One second we were gutting synthetic freaks, the next he had their escape route pinned down with the calm certainty of a man reading departure boards. I'm not sold, not fully. But with Yavin 4 a glowing wreck and whatever it was now tearing through the system, I'll tag along with the glowstick mystic until a better play shows its face.
I jab the console, squinting at the tangle of switches and a screen spitting static, a fried relay feed.
"Alright, let's see what this rust bucket's got."
I flip a toggle that makes the engines rasp lower, a throaty vibration that crawls up my spine and lodges in my teeth. Revan doesn't twitch, just watches me like I might initiate the self-destruct sequence. Decent odds, honestly.
"You don't steer these things with that mind trick of yours, do you?"
I toss him a grin, probing the edges of his stone wall.
"The Force shapes will to need."
His gaze catches on my wrist as the orange glow flares across the panel. Of course it does. The man probably flew warships with his mind in whatever old campaign he crawled out of, but that look tells me something different. He's studying my tech like I'd study a Prothean artifact, hungry the way a cartographer goes hungry when the map runs out.
"Great, I'll stick to swearing at it 'til it moves."
I slide my hands over the panel, muscle memory kicking in, years of jury-rigging the Normandy's guts with EDI's precision and Tali's workarounds paying off in ways neither of them will ever know. A nav screen blinks up, coughing out a star map I can't parse, all jagged lines and symbols that might as well be finger paintings. My tool whirrs, syncing with a glow that breaks it down, light fanning out across the mess and dragging sense out of gibberish.
"Engines are weak as a salarian's handshake."
I scowl at the readout as diagnostics scroll in a language my tech half-guesses at.
"This thing's damn slow. Barely got us out of orbit, and that's pushing it."
I scroll the map, fingers twitching over the controls.
"Those cloaked bastards must've hitched a ride off-world already. Probably had a bigger ship waiting. Closest pit stop's Kaelis Outpost. If we limp there, maybe we could find something that can catch up to them."
Revan nods, the silence heavy and deliberate, a man running calculations behind walls I can't breach.
"Mustafar lies far beyond this system.
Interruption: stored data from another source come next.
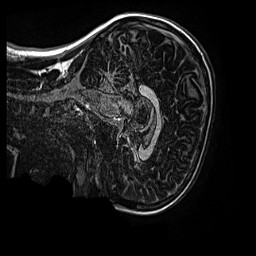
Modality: MP2RAGE
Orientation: sagittal
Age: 13
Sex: female
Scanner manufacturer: siemens
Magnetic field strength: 3 T
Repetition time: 4 s
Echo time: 0.00299 s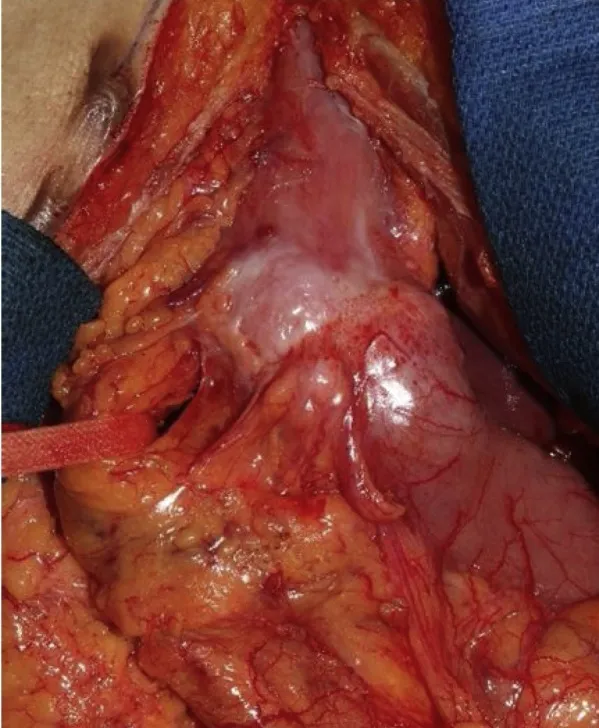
Intraoperative view of the gastric tube cancer. The right gastroepiploic artery is marked using a band.
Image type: medical_photograph (other_medical_photograph)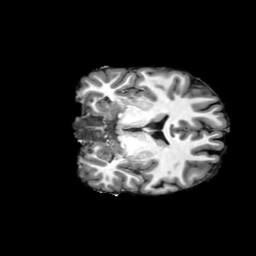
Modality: T1w
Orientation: coronal
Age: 23
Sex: female
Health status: ill
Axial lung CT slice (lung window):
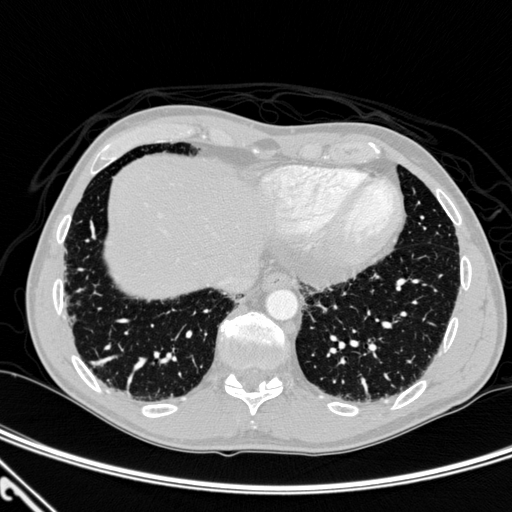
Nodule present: no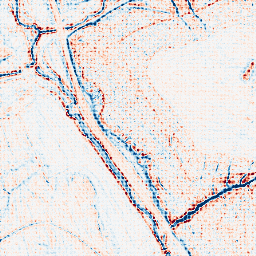
Category: edge_preserving
Decomposition family: anisotropic_diffusion
Decomposition parameters: iterations: 10
kappa: 30
gamma: 0.1
Upsampling method: sinc_blackman
Upsampling parameters: scale: 4
kernel_size: 4
Upsampling scale: 4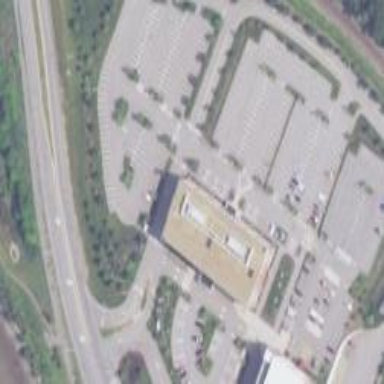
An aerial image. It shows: Parking area with asphalt surface.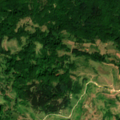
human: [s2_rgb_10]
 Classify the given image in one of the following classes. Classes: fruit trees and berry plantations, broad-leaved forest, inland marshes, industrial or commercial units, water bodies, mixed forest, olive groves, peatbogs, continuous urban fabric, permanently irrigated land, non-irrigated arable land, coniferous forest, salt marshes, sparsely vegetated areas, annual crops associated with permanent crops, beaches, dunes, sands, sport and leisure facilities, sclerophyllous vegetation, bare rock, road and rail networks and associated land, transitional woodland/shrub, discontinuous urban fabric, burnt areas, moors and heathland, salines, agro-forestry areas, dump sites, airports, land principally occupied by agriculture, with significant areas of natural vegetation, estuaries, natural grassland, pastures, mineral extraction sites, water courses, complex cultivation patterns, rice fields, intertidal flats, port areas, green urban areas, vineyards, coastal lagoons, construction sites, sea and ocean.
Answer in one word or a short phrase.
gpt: land principally occupied by agriculture, with significant areas of natural vegetation, broad-leaved forest
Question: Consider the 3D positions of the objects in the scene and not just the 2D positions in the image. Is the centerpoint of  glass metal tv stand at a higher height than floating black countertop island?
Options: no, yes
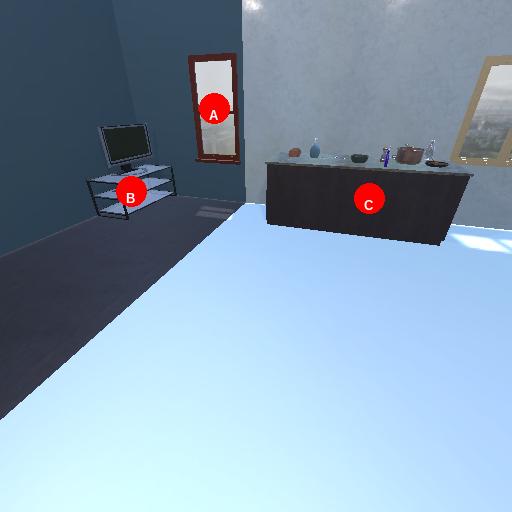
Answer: no

We need a vessel to cross the stars swiftly. Their trail will not linger."
His eyes go back to my wrist, taking its measure like it's one more system he intends to crack.
"Kaelis Outpost is our path."
"Yeah, about that."
I punch coordinates into the panel with a little extra force.
"You're locked in on this fire world deal. What's the play from your mind-reading, crystal ball?"
Inside, I chew it over. How is he so sure? Mask, Mustafar, destination, purpose, all laid bare like a man who's already read the last page. He's my only lead out of this mess. I'll roll the dice until I have a better hand.
Revan steps closer, voice flat and certain, no give in it.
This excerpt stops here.